In your copy of the listing below, reproduce each word exactly and include no pictures.

> _Given records_:

.....

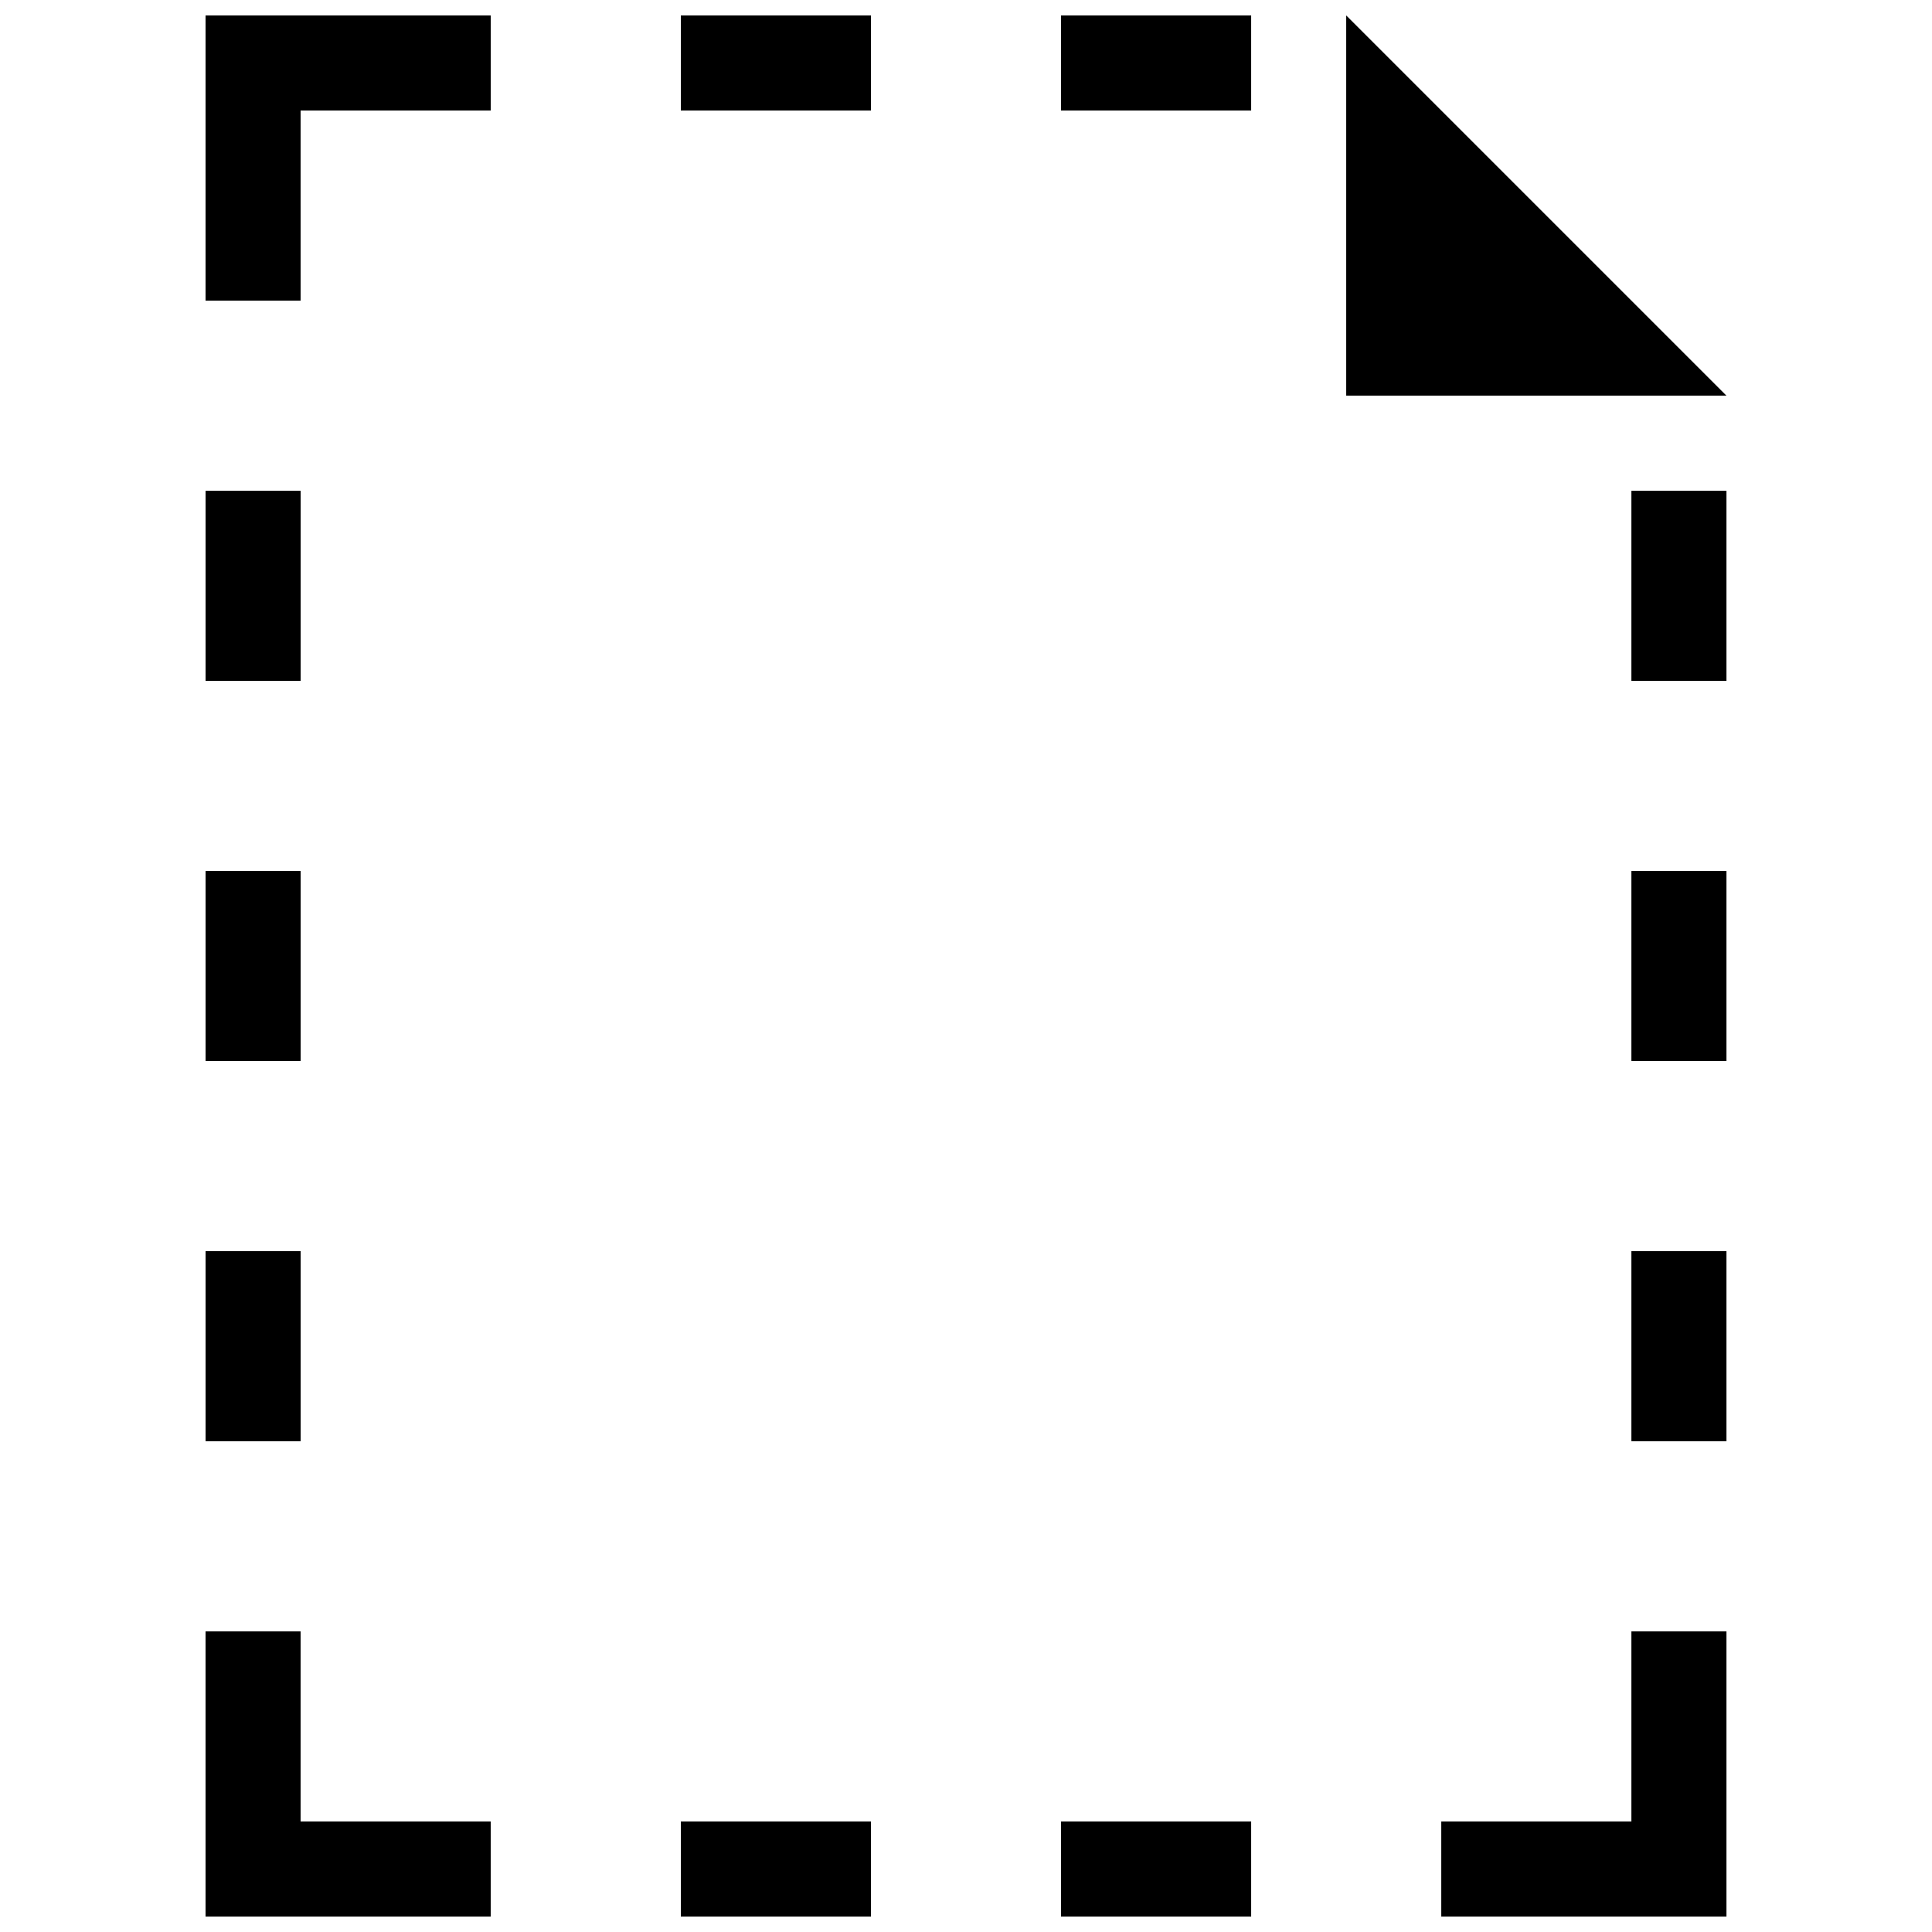 <?xml version="1.0" encoding="UTF-8"?>
<!-- Uploaded to: SVG Repo, www.svgrepo.com, Generator: SVG Repo Mixer Tools -->
<svg width="800px" height="800px" version="1.1" viewBox="144 144 512 512" xmlns="http://www.w3.org/2000/svg">
 <defs>
  <clipPath id="h">
   <path d="m500 148.09h102v100.91h-102z"/>
  </clipPath>
  <clipPath id="g">
   <path d="m198 148.09h77v75.906h-77z"/>
  </clipPath>
  <clipPath id="f">
   <path d="m324 626h51v25.902h-51z"/>
  </clipPath>
  <clipPath id="e">
   <path d="m198 576h77v75.902h-77z"/>
  </clipPath>
  <clipPath id="d">
   <path d="m425 626h51v25.902h-51z"/>
  </clipPath>
  <clipPath id="c">
   <path d="m525 576h77v75.902h-77z"/>
  </clipPath>
  <clipPath id="b">
   <path d="m324 148.09h51v25.906h-51z"/>
  </clipPath>
  <clipPath id="a">
   <path d="m425 148.09h51v25.906h-51z"/>
  </clipPath>
 </defs>
 <g clip-path="url(#h)">
  <path d="m500.76 148.09v100.76h100.76z"/>
 </g>
 <g clip-path="url(#g)">
  <path d="m223.66 173.29h50.383v-25.191h-75.57v75.57h25.188z"/>
 </g>
 <path d="m198.48 475.57h25.191v50.383h-25.191z"/>
 <g clip-path="url(#f)">
  <path d="m324.43 626.71h50.383v25.191h-50.383z"/>
 </g>
 <g clip-path="url(#e)">
  <path d="m223.66 626.71v-50.379h-25.188v75.57h75.57v-25.191z"/>
 </g>
 <path d="m198.48 374.81h25.191v50.383h-25.191z"/>
 <path d="m576.33 475.57h25.191v50.383h-25.191z"/>
 <path d="m576.33 374.81h25.191v50.383h-25.191z"/>
 <g clip-path="url(#d)">
  <path d="m425.19 626.71h50.383v25.191h-50.383z"/>
 </g>
 <path d="m198.48 274.05h25.191v50.383h-25.191z"/>
 <g clip-path="url(#c)">
  <path d="m576.33 626.71h-50.383v25.191h75.574v-75.57h-25.191z"/>
 </g>
 <path d="m576.33 274.05h25.191v50.383h-25.191z"/>
 <g clip-path="url(#b)">
  <path d="m324.43 148.09h50.383v25.191h-50.383z"/>
 </g>
 <g clip-path="url(#a)">
  <path d="m425.19 148.09h50.383v25.191h-50.383z"/>
 </g>
</svg>

.....

> _Your solution_:
 <?xml version="1.0" encoding="UTF-8"?>
<!-- Uploaded to: SVG Repo, www.svgrepo.com, Generator: SVG Repo Mixer Tools -->
<svg width="800px" height="800px" version="1.1" viewBox="144 144 512 512" xmlns="http://www.w3.org/2000/svg">
 <defs>
  <clipPath id="h">
   <path d="m500 148.09h102v100.91h-102z"/>
  </clipPath>
  <clipPath id="g">
   <path d="m198 148.09h77v75.906h-77z"/>
  </clipPath>
  <clipPath id="f">
   <path d="m324 626h51v25.902h-51z"/>
  </clipPath>
  <clipPath id="e">
   <path d="m198 576h77v75.902h-77z"/>
  </clipPath>
  <clipPath id="d">
   <path d="m425 626h51v25.902h-51z"/>
  </clipPath>
  <clipPath id="c">
   <path d="m525 576h77v75.902h-77z"/>
  </clipPath>
  <clipPath id="b">
   <path d="m324 148.09h51v25.906h-51z"/>
  </clipPath>
  <clipPath id="a">
   <path d="m425 148.09h51v25.906h-51z"/>
  </clipPath>
 </defs>
 <g clip-path="url(#h)">
  <path d="m500.76 148.09v100.76h100.76z"/>
 </g>
 <g clip-path="url(#g)">
  <path d="m223.66 173.29h50.383v-25.191h-75.57v75.57h25.188z"/>
 </g>
 <path d="m198.48 475.57h25.191v50.383h-25.191z"/>
 <g clip-path="url(#f)">
  <path d="m324.43 626.71h50.383v25.191h-50.383z"/>
 </g>
 <g clip-path="url(#e)">
  <path d="m223.66 626.71v-50.379h-25.188v75.57h75.57v-25.191z"/>
 </g>
 <path d="m198.48 374.81h25.191v50.383h-25.191z"/>
 <path d="m576.33 475.57h25.191v50.383h-25.191z"/>
 <path d="m576.33 374.81h25.191v50.383h-25.191z"/>
 <g clip-path="url(#d)">
  <path d="m425.19 626.71h50.383v25.191h-50.383z"/>
 </g>
 <path d="m198.48 274.05h25.191v50.383h-25.191z"/>
 <g clip-path="url(#c)">
  <path d="m576.33 626.71h-50.383v25.191h75.574v-75.57h-25.191z"/>
 </g>
 <path d="m576.33 274.05h25.191v50.383h-25.191z"/>
 <g clip-path="url(#b)">
  <path d="m324.43 148.09h50.383v25.191h-50.383z"/>
 </g>
 <g clip-path="url(#a)">
  <path d="m425.19 148.09h50.383v25.191h-50.383z"/>
 </g>
</svg>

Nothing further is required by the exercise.